Monday, 19 November 2007

Living in a Bilingual World (Adagio)


- Papi, you know what? I'm going to sing that song about the little puppy that you and I sing before I go to bed?
- The one about the Chinese dog, nena?
- Yes, and I'm going to sing it to the whole class tomorrow.
- To the whole class? Won't you have to translate it?
- Yes...
- Do you know what it's about?
- Hmmm... well..., yes, it's about a dog.
- It's more than that.
And with that La Señora Nostalgia was off. This used to be one of my favourite children's songs when I was younger and it wasn't until recently that I came across the words again via Google. So, Daughter was sat there in front of me with the piece of paper containing the lyrics in her hand, whilst I was far away, being seven or eight again, about the time when I heard this song for the first time. I did not even know then, nor do I still know whether the child in the story is a boy or a girl.
'Cuando salí de La Habana
de nadie me despedí'
Why didn't 'it' say goodbye to anyone? Who or what was 'it' running from? What terrible danger threatened 'it'? And where was 'it' travelling to?
'solo de un perrito chino
que venía tras de mí'
First mention of the Chinese dog. Daughter came up with the idea that maybe the canine sniffed despair in the child and decided to try its luck with it, or maybe they were both feeling despondent and made up their minds to leave the big city together.
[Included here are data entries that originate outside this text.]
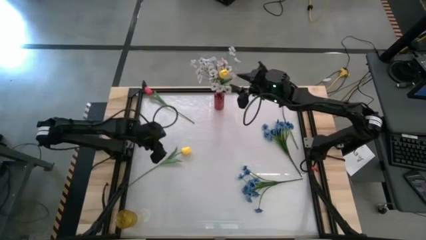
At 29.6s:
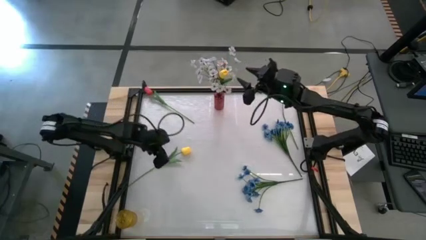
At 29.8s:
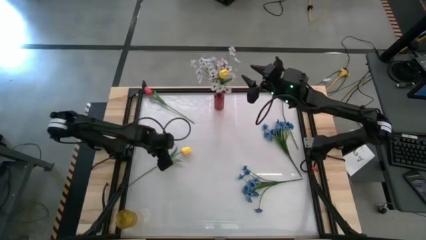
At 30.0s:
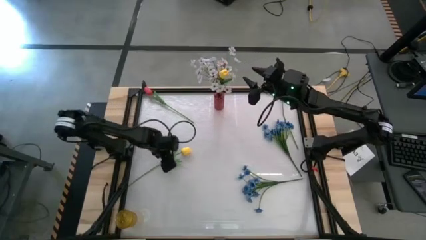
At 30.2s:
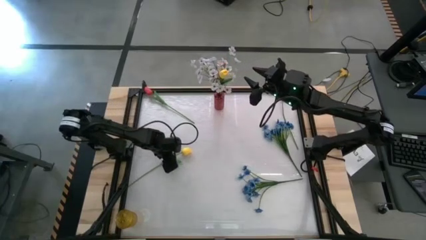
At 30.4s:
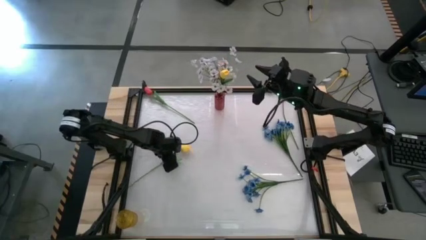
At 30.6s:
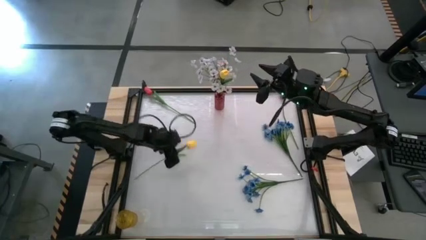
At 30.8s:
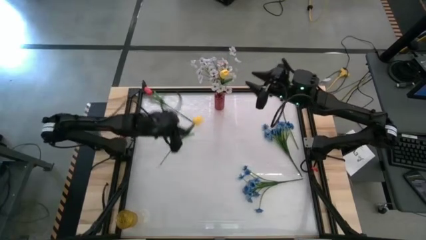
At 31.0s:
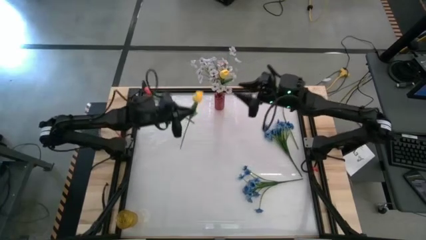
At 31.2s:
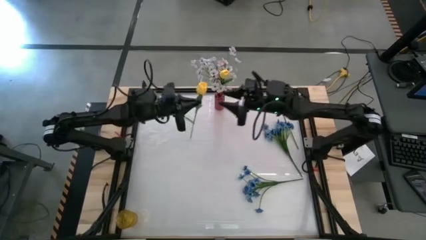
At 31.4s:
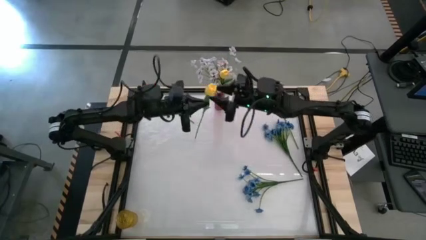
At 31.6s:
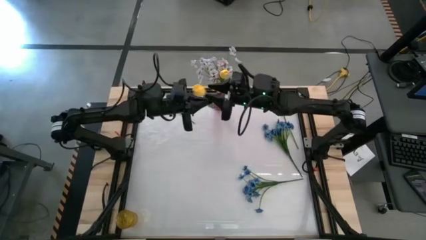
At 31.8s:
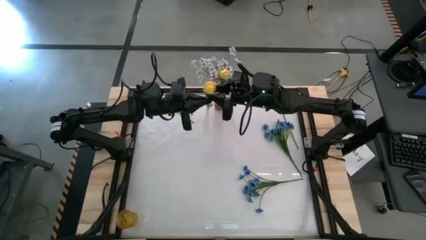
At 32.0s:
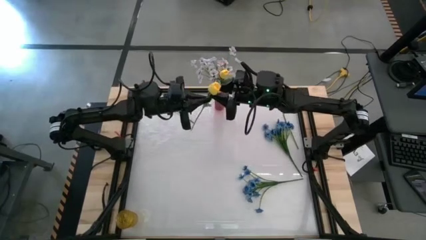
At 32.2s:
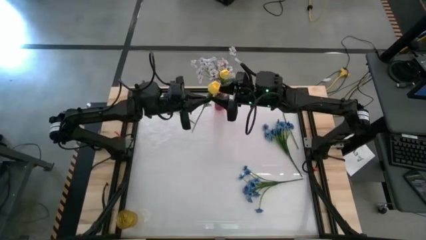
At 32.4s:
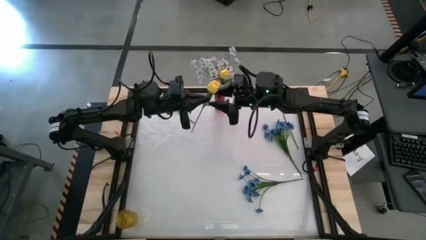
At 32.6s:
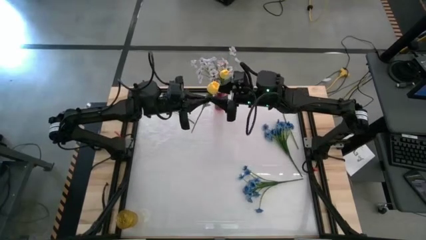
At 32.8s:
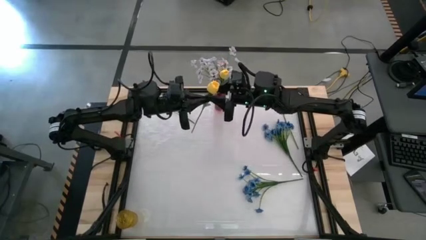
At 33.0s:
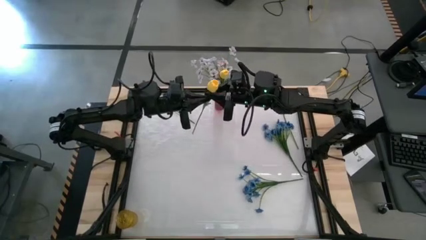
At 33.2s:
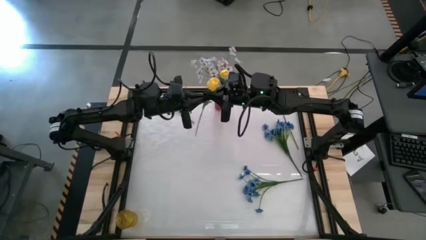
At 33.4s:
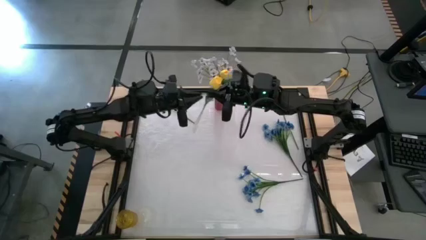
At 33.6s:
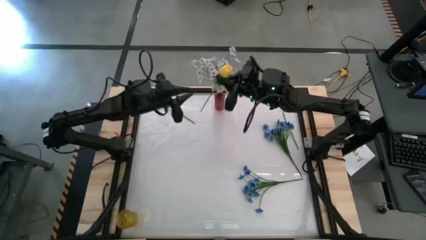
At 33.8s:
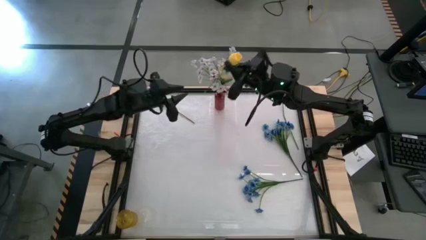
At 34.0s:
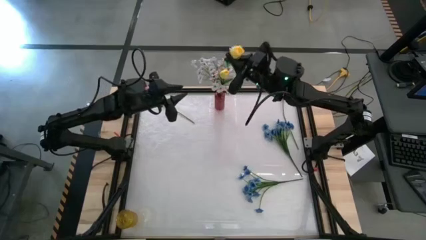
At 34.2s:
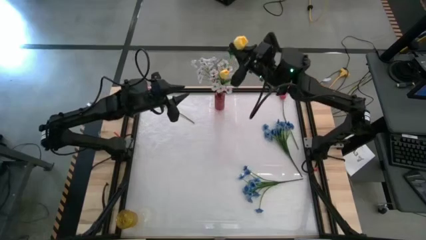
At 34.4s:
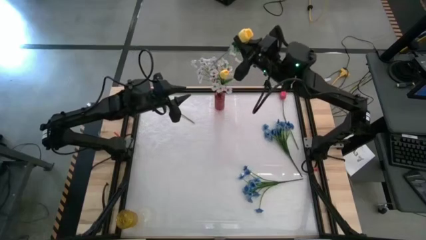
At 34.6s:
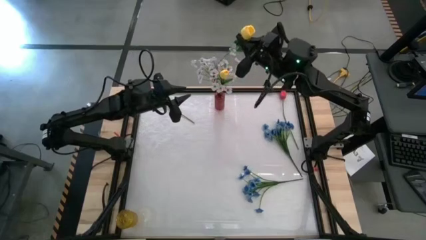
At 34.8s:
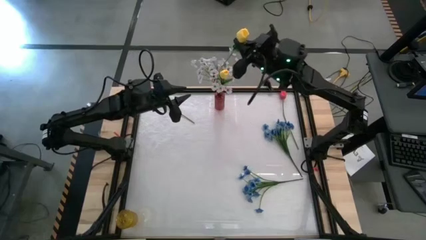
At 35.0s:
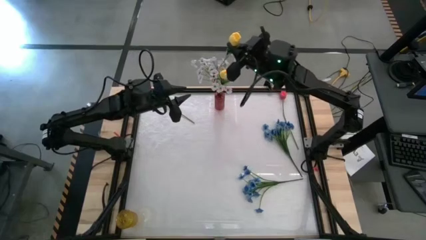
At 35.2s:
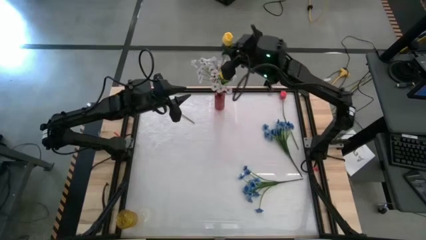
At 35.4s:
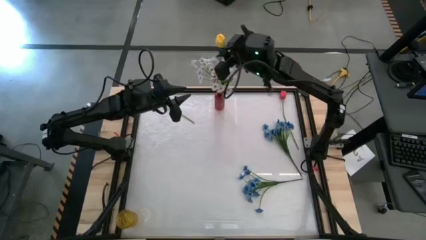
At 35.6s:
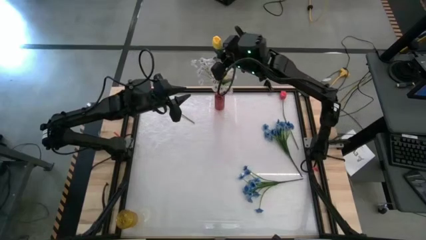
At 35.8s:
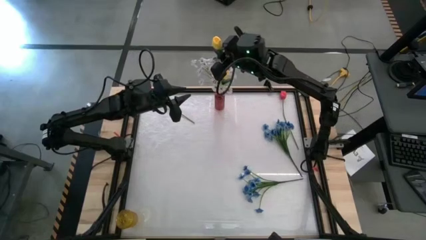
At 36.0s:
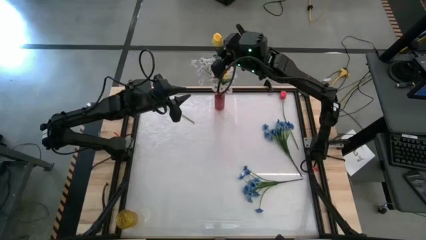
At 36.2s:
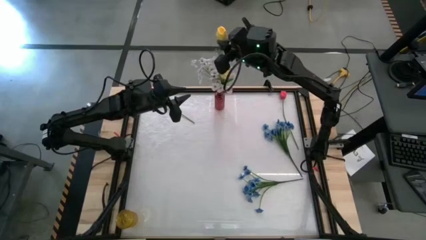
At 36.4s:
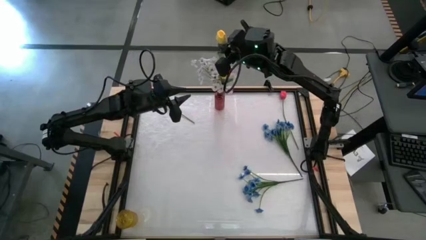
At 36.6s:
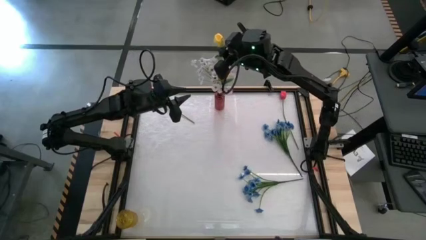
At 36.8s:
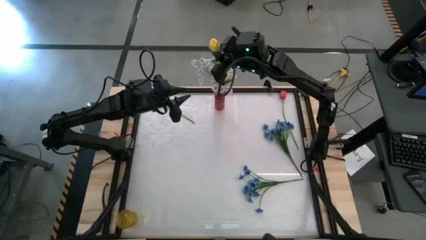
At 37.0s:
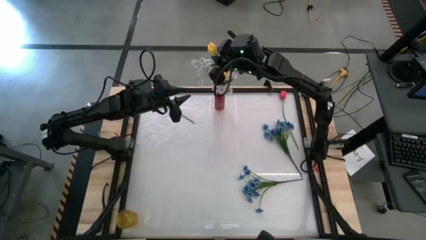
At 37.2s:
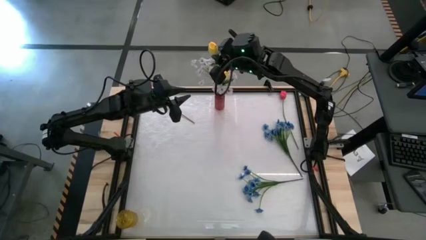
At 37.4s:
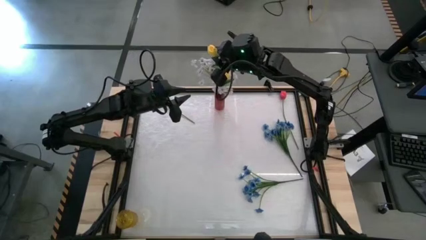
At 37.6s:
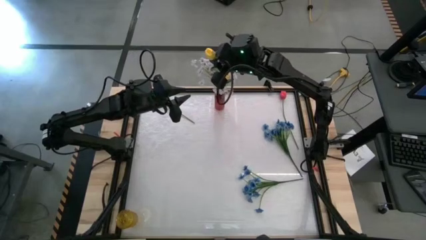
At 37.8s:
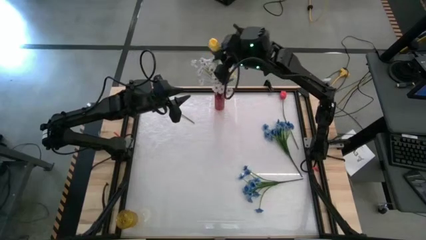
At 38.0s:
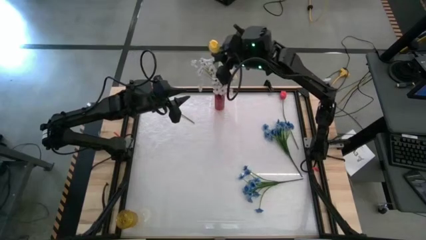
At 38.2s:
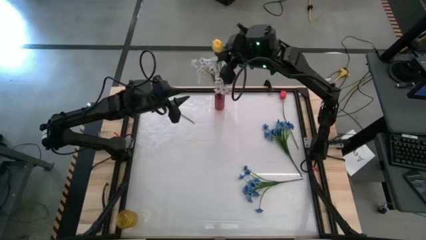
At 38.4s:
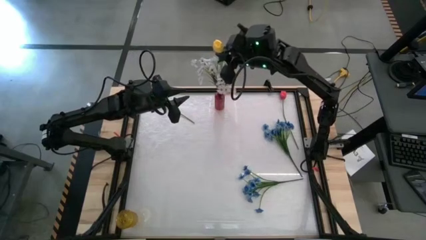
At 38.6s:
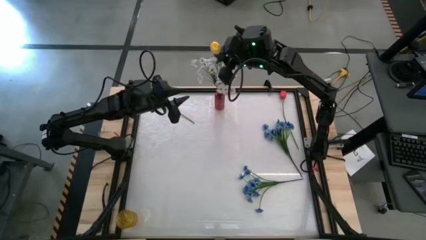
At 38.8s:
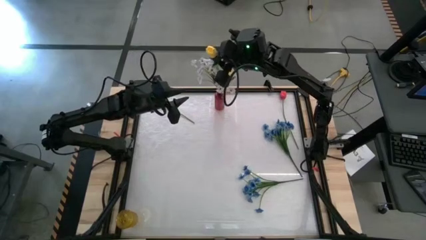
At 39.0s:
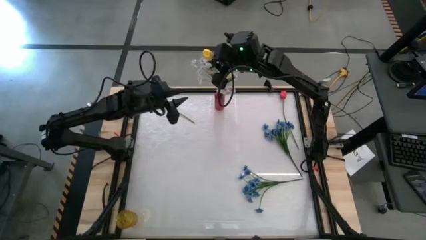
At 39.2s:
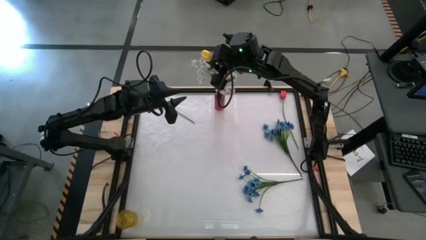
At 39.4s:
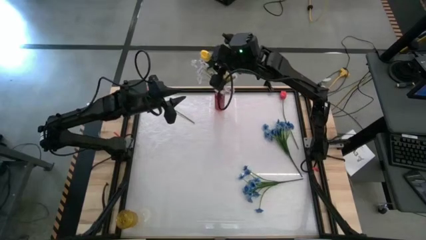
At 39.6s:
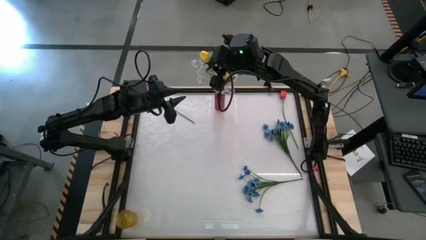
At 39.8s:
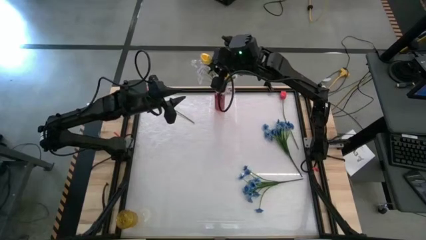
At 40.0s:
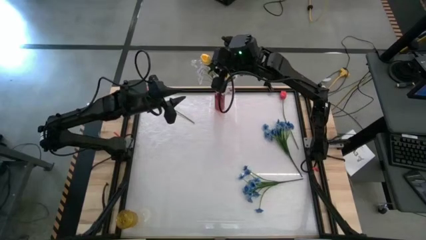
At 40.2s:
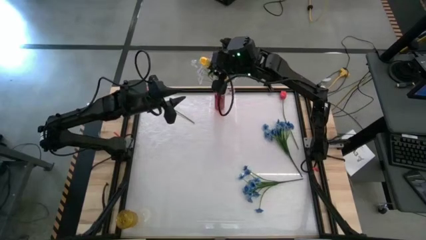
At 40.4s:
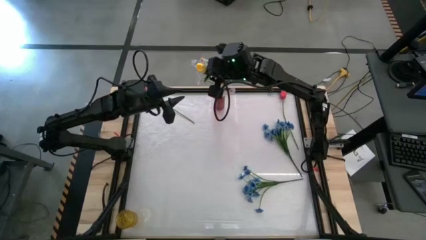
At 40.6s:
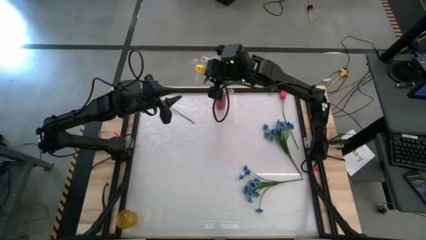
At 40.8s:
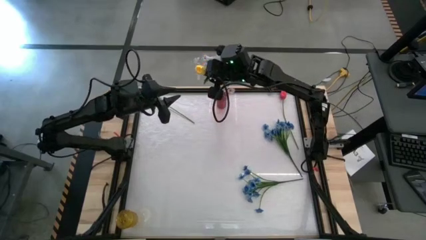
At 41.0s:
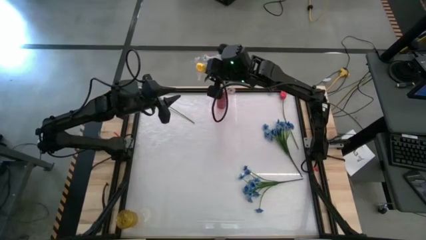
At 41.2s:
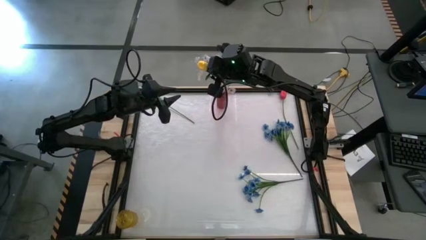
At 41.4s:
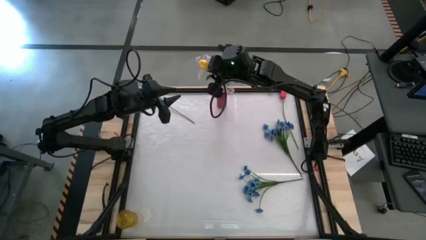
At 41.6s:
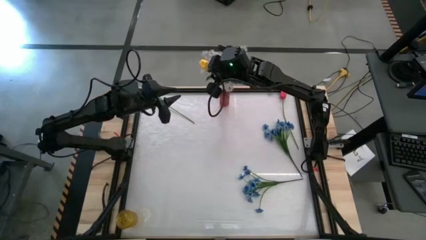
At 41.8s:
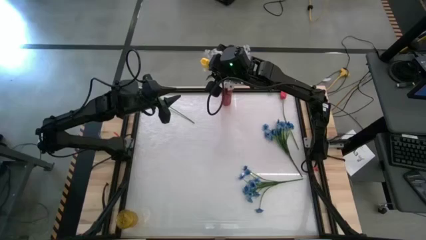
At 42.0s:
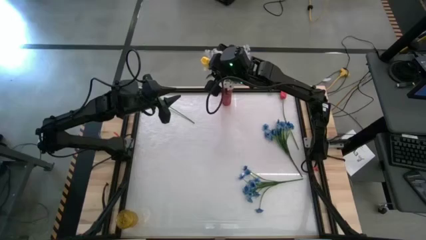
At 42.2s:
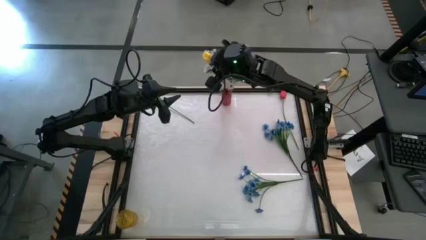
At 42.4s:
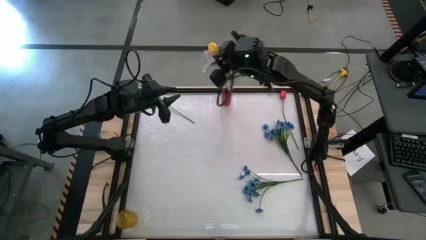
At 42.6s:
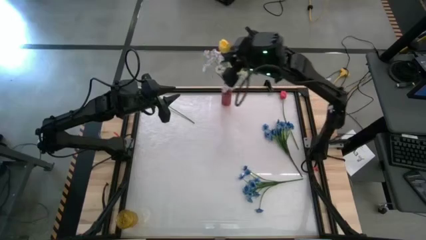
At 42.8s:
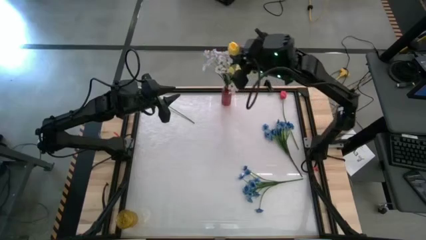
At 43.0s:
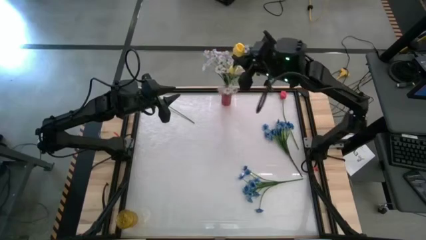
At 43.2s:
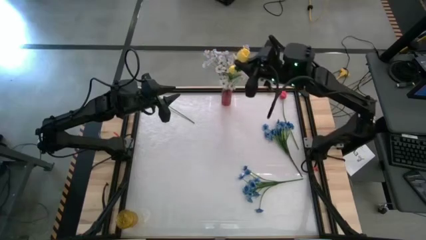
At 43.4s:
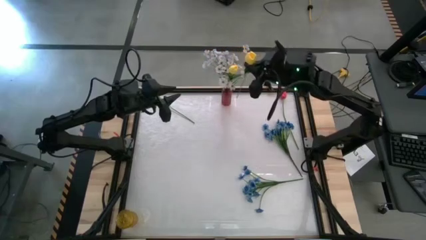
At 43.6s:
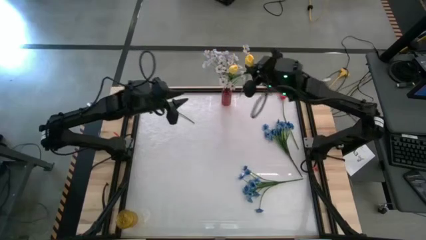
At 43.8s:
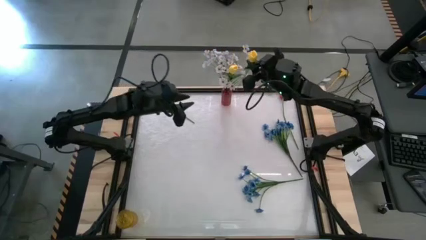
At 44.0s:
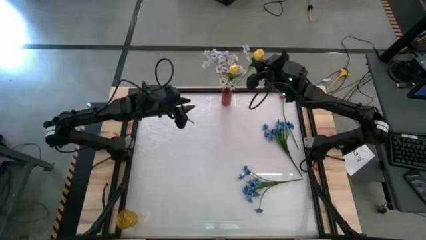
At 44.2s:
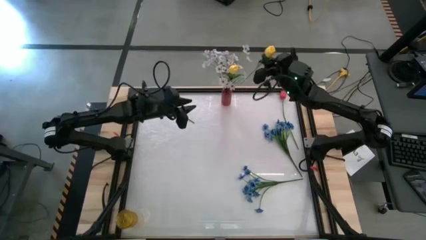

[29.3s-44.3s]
Task: Sort flowers into vase by color
Put the yellow flower into the red vase

'Como el perrito era chino
un señor me lo compró'
Simplicity pays off in this song. In just two lines we learn that the child, who must have been quite attached to the dog, sold it off without second thoughts. Or maybe 'it' did have second thoughts. You see, the gentleman only buys the dog because it was Chinese, so therefore he must have paid a good price as we find out later in the song, but was the child's situation so desperate that 'it' preferred to sell its friend rather than starve with it to death? Wife interjected at this point that it was a good example of how a friendship is worth more than money, to which I responded quite cynically that it wasn't proved that the dog was the child's friend, only that they were on this jaunt together. Daughter agreed with Wife and the case was closed.
'por un poco de dinero
y unas botas de charol'
So, it wasn't just money the child received for the puppy, but also a pair of shiny boots. And now we can jump to the conclusion that the child had no shoes to wear either, presumably. When I was little my imagination would run wild picturing the look of surprise on the dog's face as the man took it away and the child rushed off. It probably felt betrayed by the minor. Now I am convinced that the child had a long way to go and could not make the whole journey barefoot. But still, selling your friend out?
'Las botas se me rompieron
el dinero se acabó
ay perrito de mi vida
ay perrito de mi amor'
The child's boots broke and the money ran out. Wife was right. The dog was the child's friend and the youngster's lament at the end of the song for its loyal canine friend proves that friendship last longer than money does.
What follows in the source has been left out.